Saat ini, manajemen internal BYD bersama jaringan dealer resmi sedang melakukan penataan ulang sistem pemesanan dan distribusi. Langkah ini diambil untuk memastikan proses pemenuhan pesanan berjalan lebih efektif dan tidak ada konsumen yang terlewatkan.

"Saat ini bersama diler, kami sedang menata kembali sistem pemesanan agar proses fulfillment lebih optimal. Jadi tidak ada konsumen yang terlewat, sekaligus memastikan informasi yang diberikan kepada konsumen berjalan dengan baik," lanjut Luther Pandjaitan.

Meskipun mengakui adanya penundaan pengiriman, manajemen BYD belum merilis data spesifik mengenai jumlah total pesanan yang saat ini masih tertunda.

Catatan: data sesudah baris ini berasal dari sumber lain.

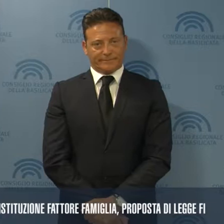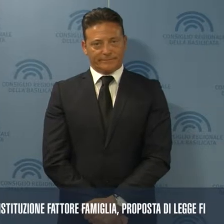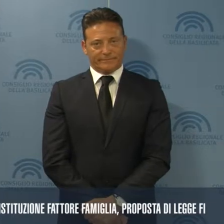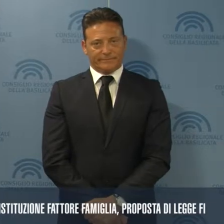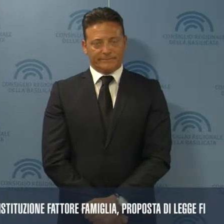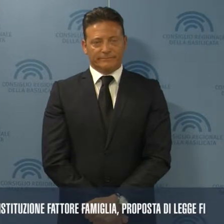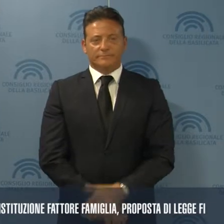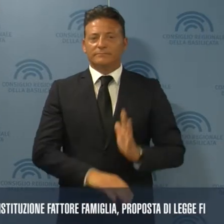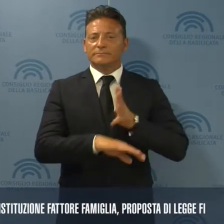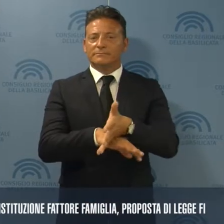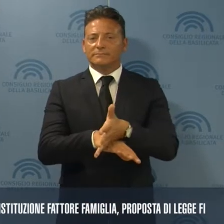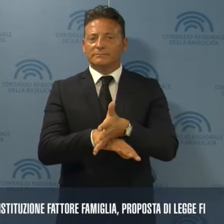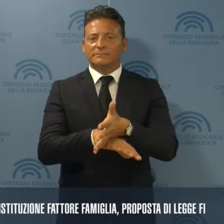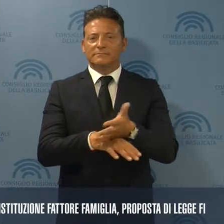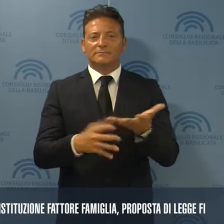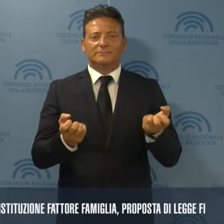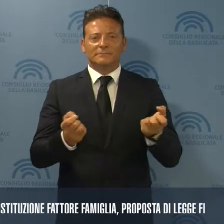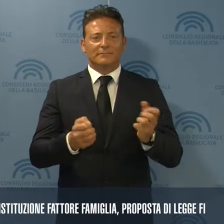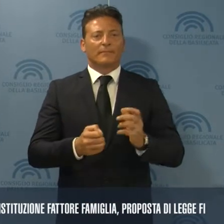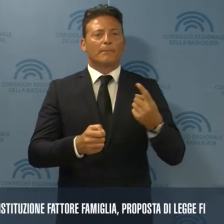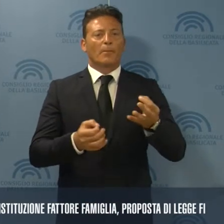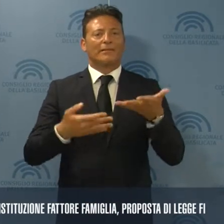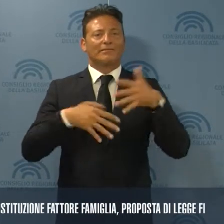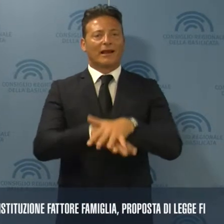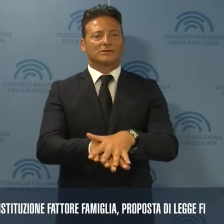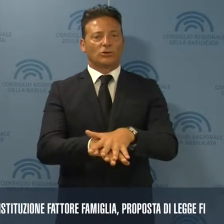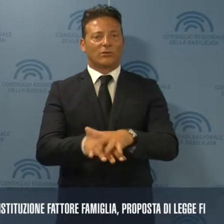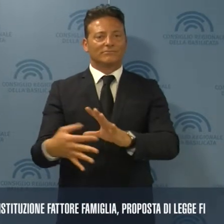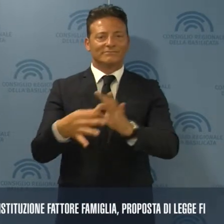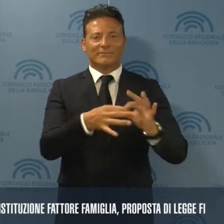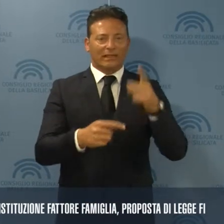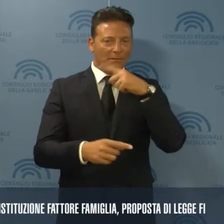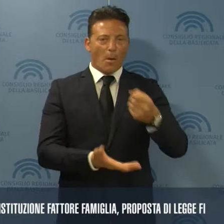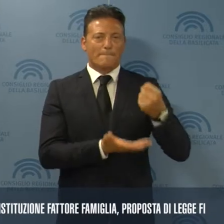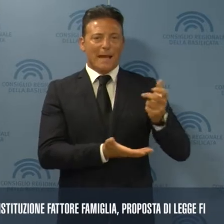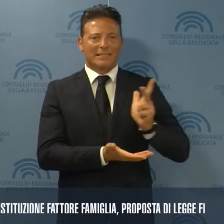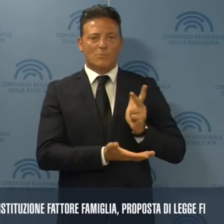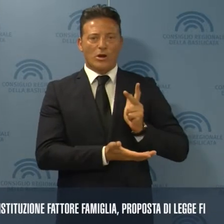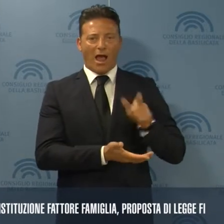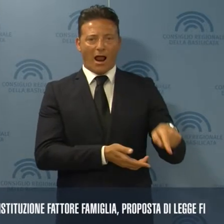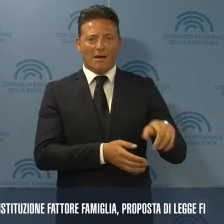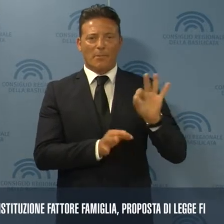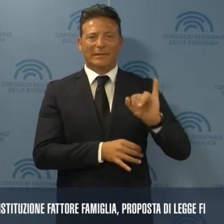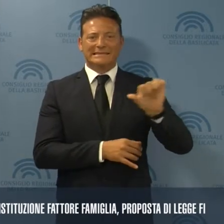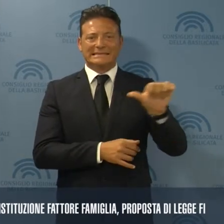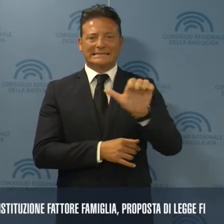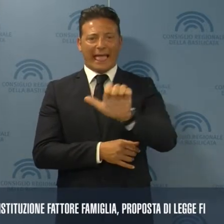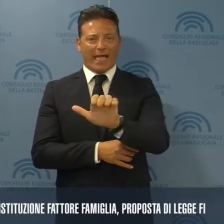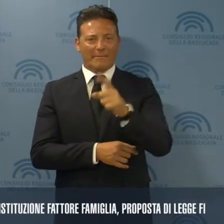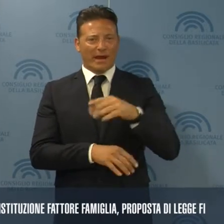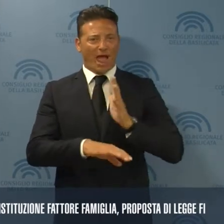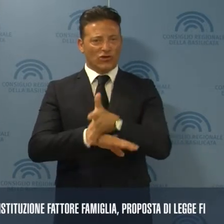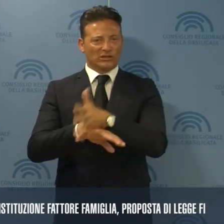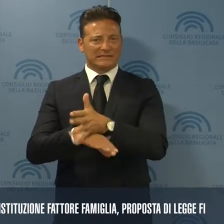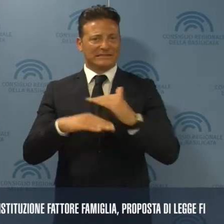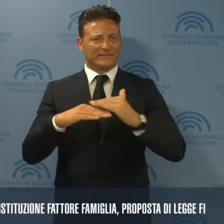Introdurre i criteri integrativi rispetto a quelli strettamente patrimoniali previsti dall'ISEE per l'accesso
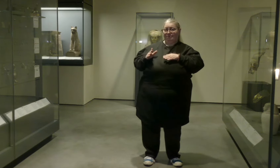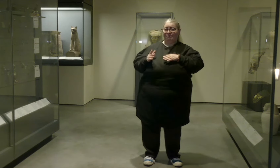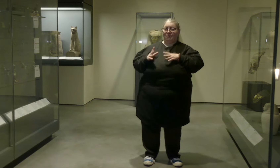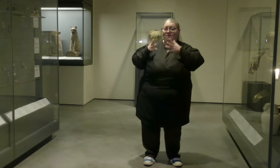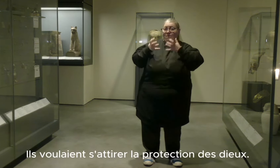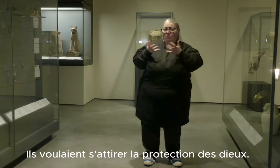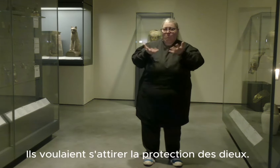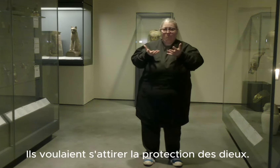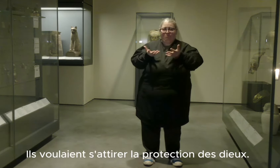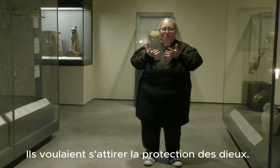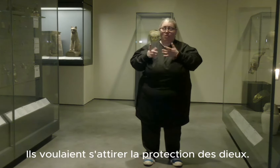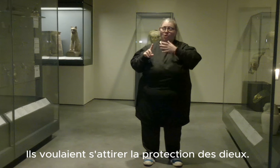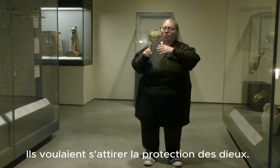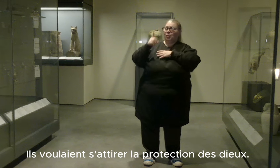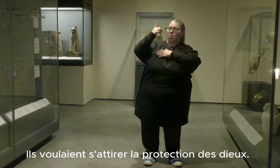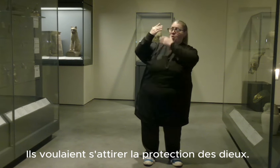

Fokus perusahaan saat ini adalah menjaga komunikasi yang transparan mengenai jadwal pengiriman yang realistis kepada para pembeli ritel.

"Kami akan terus memberikan informasi yang jelas kepada konsumen terkait situasi dan janji pengiriman yang realistis, sehingga tidak terjadi miskomunikasi di level ritel. Kami memahami situasi ini dan memohon maaf apabila masih ada konsumen yang harus menunggu," kata Luther Pandjaitan.

Perusahaan menyatakan komitmen kuat untuk segera menyelesaikan penumpukan pesanan tersebut dalam waktu dekat. Luther menegaskan bahwa BYD akan mengejar ketertinggalan distribusi unit kepada para pemesan di seluruh wilayah Indonesia.